We are attempting to continue to improve our recent operating trends of 2006 and 2007 through the execution
of a number of strategies in our merchandising, marketing, and real estate areas. These strategies are aimed at
driving comparable store sales growth, higher inventory turns, and higher gross margin dollars while reducing
selling and administrative costs. In 2006 and 2007, we were able to meet or exceed many of our operating
performance targets and goals. There is a risk that we will be unable to continue to meet or exceed these
operating performance targets and goals in the future if our strategies are not successful.

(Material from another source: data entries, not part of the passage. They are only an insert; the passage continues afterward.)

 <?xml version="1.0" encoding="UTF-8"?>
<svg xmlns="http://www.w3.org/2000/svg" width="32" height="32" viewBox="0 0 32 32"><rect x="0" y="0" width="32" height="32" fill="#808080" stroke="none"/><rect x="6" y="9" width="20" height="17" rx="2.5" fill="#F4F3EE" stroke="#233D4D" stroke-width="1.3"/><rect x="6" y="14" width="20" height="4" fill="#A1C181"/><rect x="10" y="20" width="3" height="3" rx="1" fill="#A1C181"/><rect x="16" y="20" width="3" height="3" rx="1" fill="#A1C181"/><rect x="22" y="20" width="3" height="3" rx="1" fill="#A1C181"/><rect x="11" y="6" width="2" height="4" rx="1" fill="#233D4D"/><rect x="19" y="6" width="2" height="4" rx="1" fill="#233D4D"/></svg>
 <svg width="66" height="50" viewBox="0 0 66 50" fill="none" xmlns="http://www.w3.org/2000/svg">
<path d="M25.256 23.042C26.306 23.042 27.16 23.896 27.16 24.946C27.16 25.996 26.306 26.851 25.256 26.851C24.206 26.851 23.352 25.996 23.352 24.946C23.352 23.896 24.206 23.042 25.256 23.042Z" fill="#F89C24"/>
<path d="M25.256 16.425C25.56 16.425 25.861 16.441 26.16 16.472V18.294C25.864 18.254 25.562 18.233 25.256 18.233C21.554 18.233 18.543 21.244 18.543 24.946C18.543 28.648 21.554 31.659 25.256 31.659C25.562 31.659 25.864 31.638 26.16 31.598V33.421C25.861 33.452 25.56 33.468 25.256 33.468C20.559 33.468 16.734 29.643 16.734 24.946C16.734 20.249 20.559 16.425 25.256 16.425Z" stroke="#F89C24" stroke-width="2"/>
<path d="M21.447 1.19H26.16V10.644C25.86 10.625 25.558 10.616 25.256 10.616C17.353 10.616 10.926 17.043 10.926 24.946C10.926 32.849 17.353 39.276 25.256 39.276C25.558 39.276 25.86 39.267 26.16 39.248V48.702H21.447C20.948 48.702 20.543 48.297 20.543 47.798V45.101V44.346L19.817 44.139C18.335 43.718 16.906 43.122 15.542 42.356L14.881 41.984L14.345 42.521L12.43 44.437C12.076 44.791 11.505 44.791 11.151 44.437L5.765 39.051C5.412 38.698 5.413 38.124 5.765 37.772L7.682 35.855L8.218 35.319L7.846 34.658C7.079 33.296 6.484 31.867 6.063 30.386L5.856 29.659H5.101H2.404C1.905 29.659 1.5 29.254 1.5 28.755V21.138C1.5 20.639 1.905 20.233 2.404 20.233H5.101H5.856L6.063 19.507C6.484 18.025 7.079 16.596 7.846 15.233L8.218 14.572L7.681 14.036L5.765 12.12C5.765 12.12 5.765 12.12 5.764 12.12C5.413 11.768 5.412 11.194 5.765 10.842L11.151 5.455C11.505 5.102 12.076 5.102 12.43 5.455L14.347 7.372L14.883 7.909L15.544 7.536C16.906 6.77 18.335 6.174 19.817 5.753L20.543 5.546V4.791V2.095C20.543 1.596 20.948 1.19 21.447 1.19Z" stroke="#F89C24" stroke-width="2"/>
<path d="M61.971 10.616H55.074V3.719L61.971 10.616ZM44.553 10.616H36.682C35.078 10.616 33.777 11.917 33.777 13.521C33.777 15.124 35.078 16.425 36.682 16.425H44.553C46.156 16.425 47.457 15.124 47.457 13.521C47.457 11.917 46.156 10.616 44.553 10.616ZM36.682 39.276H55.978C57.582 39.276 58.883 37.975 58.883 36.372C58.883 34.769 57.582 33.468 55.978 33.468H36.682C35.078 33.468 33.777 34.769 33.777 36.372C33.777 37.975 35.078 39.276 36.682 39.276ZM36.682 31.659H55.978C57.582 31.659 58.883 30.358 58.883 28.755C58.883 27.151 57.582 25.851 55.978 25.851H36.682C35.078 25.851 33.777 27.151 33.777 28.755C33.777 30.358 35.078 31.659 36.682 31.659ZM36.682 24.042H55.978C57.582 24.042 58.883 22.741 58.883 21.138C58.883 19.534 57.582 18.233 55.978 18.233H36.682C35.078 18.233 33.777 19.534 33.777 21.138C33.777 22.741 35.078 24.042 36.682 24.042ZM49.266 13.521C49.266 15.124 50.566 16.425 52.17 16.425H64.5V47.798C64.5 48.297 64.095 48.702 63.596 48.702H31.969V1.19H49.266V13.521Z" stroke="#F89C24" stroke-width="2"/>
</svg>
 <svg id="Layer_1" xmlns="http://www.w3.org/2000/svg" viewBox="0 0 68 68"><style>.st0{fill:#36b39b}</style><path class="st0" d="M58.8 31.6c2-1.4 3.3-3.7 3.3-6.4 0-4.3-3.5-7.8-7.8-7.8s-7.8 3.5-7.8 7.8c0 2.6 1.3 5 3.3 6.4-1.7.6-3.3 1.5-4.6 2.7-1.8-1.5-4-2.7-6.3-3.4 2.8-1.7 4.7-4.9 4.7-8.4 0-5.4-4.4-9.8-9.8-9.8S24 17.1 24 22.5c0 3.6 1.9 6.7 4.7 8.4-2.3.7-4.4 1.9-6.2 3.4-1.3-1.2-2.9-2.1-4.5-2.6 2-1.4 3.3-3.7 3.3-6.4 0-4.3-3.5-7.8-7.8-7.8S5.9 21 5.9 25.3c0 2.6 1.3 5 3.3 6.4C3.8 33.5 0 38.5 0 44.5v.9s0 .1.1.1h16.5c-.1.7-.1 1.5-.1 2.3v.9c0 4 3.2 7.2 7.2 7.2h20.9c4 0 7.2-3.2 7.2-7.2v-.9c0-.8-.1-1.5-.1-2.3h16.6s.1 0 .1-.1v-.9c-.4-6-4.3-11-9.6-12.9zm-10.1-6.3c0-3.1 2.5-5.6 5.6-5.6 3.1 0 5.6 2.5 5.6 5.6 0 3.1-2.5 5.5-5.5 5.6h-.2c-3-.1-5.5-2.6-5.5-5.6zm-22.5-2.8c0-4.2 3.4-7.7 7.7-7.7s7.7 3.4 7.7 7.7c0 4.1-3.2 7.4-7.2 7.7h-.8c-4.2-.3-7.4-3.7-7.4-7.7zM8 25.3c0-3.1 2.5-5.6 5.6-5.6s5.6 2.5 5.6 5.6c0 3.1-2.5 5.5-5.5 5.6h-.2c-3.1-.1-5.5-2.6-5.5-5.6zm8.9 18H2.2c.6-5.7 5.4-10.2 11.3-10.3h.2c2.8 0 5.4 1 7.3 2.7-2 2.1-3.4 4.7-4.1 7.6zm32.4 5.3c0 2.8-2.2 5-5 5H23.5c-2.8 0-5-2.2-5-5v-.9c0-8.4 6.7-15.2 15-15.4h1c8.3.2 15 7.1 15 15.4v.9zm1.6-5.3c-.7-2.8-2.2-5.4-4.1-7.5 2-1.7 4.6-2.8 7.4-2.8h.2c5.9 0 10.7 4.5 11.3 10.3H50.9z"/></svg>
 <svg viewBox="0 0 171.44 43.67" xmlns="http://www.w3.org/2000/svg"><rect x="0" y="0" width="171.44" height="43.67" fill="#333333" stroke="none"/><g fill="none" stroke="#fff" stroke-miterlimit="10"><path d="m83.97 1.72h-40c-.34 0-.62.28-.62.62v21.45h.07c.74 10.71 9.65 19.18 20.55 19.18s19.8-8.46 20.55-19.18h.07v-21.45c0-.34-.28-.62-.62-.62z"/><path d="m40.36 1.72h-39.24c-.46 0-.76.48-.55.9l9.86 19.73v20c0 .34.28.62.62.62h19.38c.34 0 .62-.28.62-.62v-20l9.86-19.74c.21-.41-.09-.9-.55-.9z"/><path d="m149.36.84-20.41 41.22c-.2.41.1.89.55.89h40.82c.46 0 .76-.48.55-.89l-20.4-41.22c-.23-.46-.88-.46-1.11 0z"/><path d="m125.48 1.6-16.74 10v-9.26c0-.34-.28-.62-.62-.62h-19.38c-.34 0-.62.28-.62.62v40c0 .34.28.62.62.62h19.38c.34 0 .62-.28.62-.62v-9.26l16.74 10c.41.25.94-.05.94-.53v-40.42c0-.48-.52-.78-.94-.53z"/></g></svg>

If we are unable to compete effectively in the highly competitive discount retail industry, our business and
results of operations may be materially adversely affected.
The discount retail business is highly competitive. As discussed in Item 1 of this Form 10-K, we compete for
customers, employees, products, real estate, and other aspects of our business with a number of other companies.
Certain of our competitors have greater financial, distribution, marketing, and other resources that may be devoted
to sourcing, promoting, and selling their merchandise. It is possible that increased competition or improved
performance by our competitors may reduce our market share, gross margin, operating margin, and projected
operating results, and may materially adversely affect our business and results of operations in other ways.
A decline in general economic condition, consumer spending levels, and other conditions could lead to reduced
consumer demand for our merchandise thereby materially adversely affecting our revenues and gross margin.
Our results of operations can be directly impacted by the health of the United States’ economy. Our business and
financial performance may be adversely impacted by current and future economic conditions, including factors
that may restrict or otherwise negatively impact consumer financing, disposable income levels, unemployment
levels, energy costs, interest rates, recession, inflation, the impact of natural disasters and terrorist activities,
and other matters that influence consumer spending. The economies of four states (Ohio, Texas, California, and
Florida) are particularly important as approximately 37% of our current stores operate in these states and 39% of
our 2007 net retail sales occurred in these states.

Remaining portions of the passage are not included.